### [Information given]

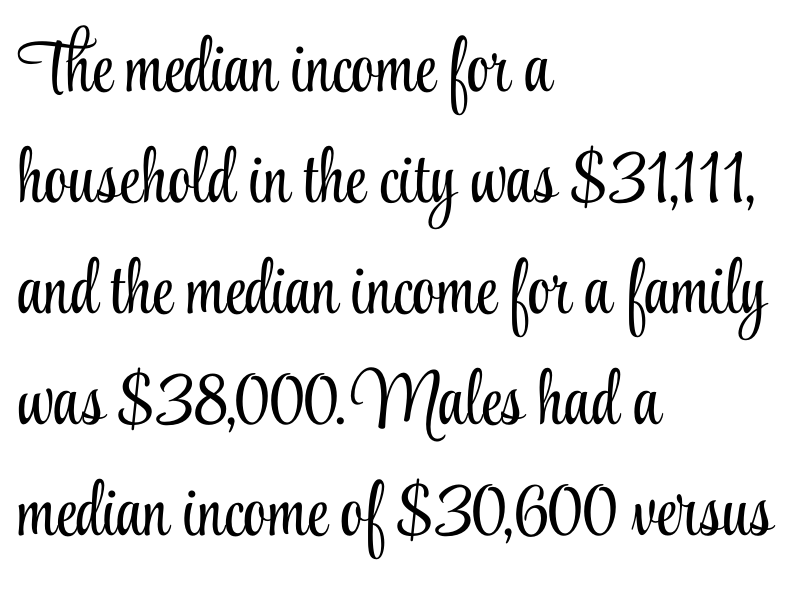
The image shows 74 px light, condensed serif type; set left-aligned, normal line spacing (1.5x), normal letter spacing, not underlined; low stroke contrast and a small x-height.
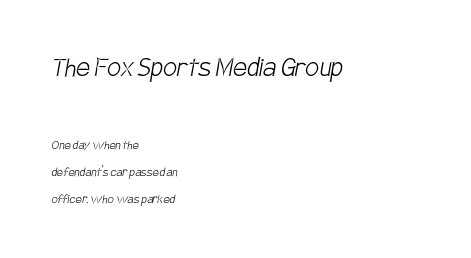
Q: Is the text bold? A: No.
Q: Is the typeface a serif or a sans-serif typeface? A: Sans-serif.
Q: Is the text underlined? A: No.
Q: How is the paragraph aligned? A: Left-aligned.
Q: Is the spacing between letters normal or unusually wide? A: Normal.
Q: Is the spacing between lines tight, normal or loose? A: Loose.
Q: Which block of text is set in a larger size, the first (top) or the second (bottom)? A: The first (top) one.
Q: Width (condensed, normal, or wide)? A: Condensed.
Q: Stroke contrast? A: Low.
Q: x-height? A: Large.
Q: Monospaced? A: No.

### [Work instruction]
The material above is to be set down exactly, with pictures removed.

### [Task answer]
The image shows 74 px light, condensed serif type; set left-aligned, normal line spacing (1.5x), normal letter spacing, not underlined; low stroke contrast and a small x-height.
Q: Is the text bold? A: No.
Q: Is the typeface a serif or a sans-serif typeface? A: Sans-serif.
Q: Is the text underlined? A: No.
Q: How is the paragraph aligned? A: Left-aligned.
Q: Is the spacing between letters normal or unusually wide? A: Normal.
Q: Is the spacing between lines tight, normal or loose? A: Loose.
Q: Which block of text is set in a larger size, the first (top) or the second (bottom)? A: The first (top) one.
Q: Width (condensed, normal, or wide)? A: Condensed.
Q: Stroke contrast? A: Low.
Q: x-height? A: Large.
Q: Monospaced? A: No.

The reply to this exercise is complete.